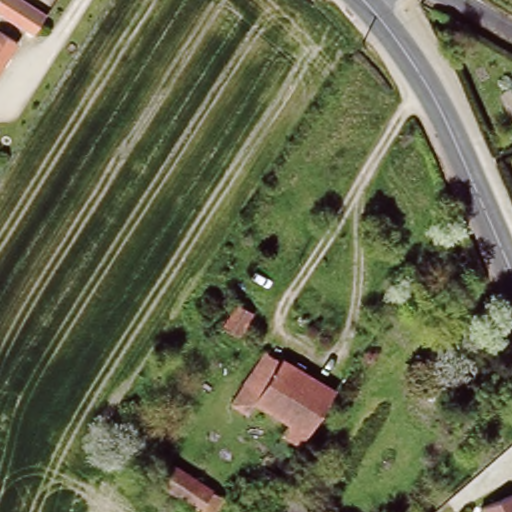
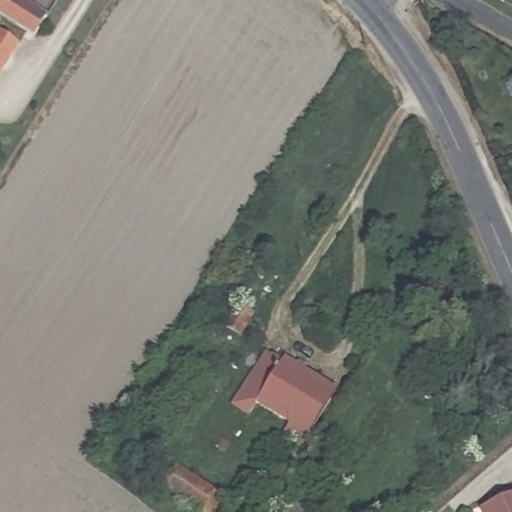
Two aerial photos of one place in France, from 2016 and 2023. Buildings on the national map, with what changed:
unchanged [(5,16),(0,13),(0,2),(1,0),(20,0),(48,19),(36,38),(5,16)]
unchanged [(0,75),(0,33),(19,45),(0,75)]
unchanged [(248,313),(233,337),(218,327),(233,304),(248,313)]
unchanged [(289,371),(293,366),(301,371),(298,376),(332,397),(300,450),(284,440),(292,427),(253,402),(244,414),(228,404),(258,356),(275,366),(277,363),(289,371)]
unchanged [(223,499),(215,512),(199,512),(199,511),(163,488),(174,469),(223,499)]
unchanged [(248,482),(241,492),(231,485),(238,476),(248,482)]
unchanged [(311,505),(307,512),(277,512),(290,492),(311,505)]
unchanged [(512,494),(512,512),(486,512),(483,507),(512,494)]

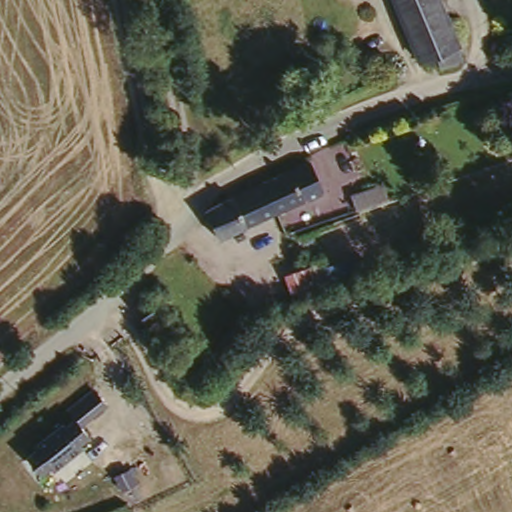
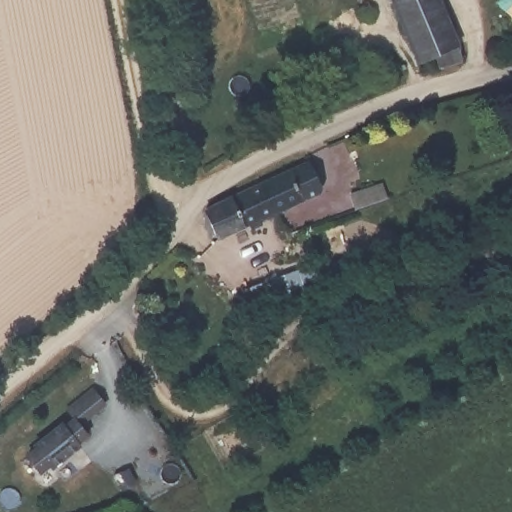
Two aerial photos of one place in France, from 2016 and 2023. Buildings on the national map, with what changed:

# What you are asked to do
Skip every image and output the remaining records exactly.

# Answer space
Two aerial photos of one place in France, from 2016 and 2023. Buildings on the national map, with what changed:
unchanged [(5,16),(0,13),(0,2),(1,0),(20,0),(48,19),(36,38),(5,16)]
unchanged [(0,75),(0,33),(19,45),(0,75)]
unchanged [(248,313),(233,337),(218,327),(233,304),(248,313)]
unchanged [(289,371),(293,366),(301,371),(298,376),(332,397),(300,450),(284,440),(292,427),(253,402),(244,414),(228,404),(258,356),(275,366),(277,363),(289,371)]
unchanged [(223,499),(215,512),(199,512),(199,511),(163,488),(174,469),(223,499)]
unchanged [(248,482),(241,492),(231,485),(238,476),(248,482)]
unchanged [(311,505),(307,512),(277,512),(290,492),(311,505)]
unchanged [(512,494),(512,512),(486,512),(483,507),(512,494)]

Two aerial photos of one place in France, from 2016 and 2023. Buildings on the national map, with what changed:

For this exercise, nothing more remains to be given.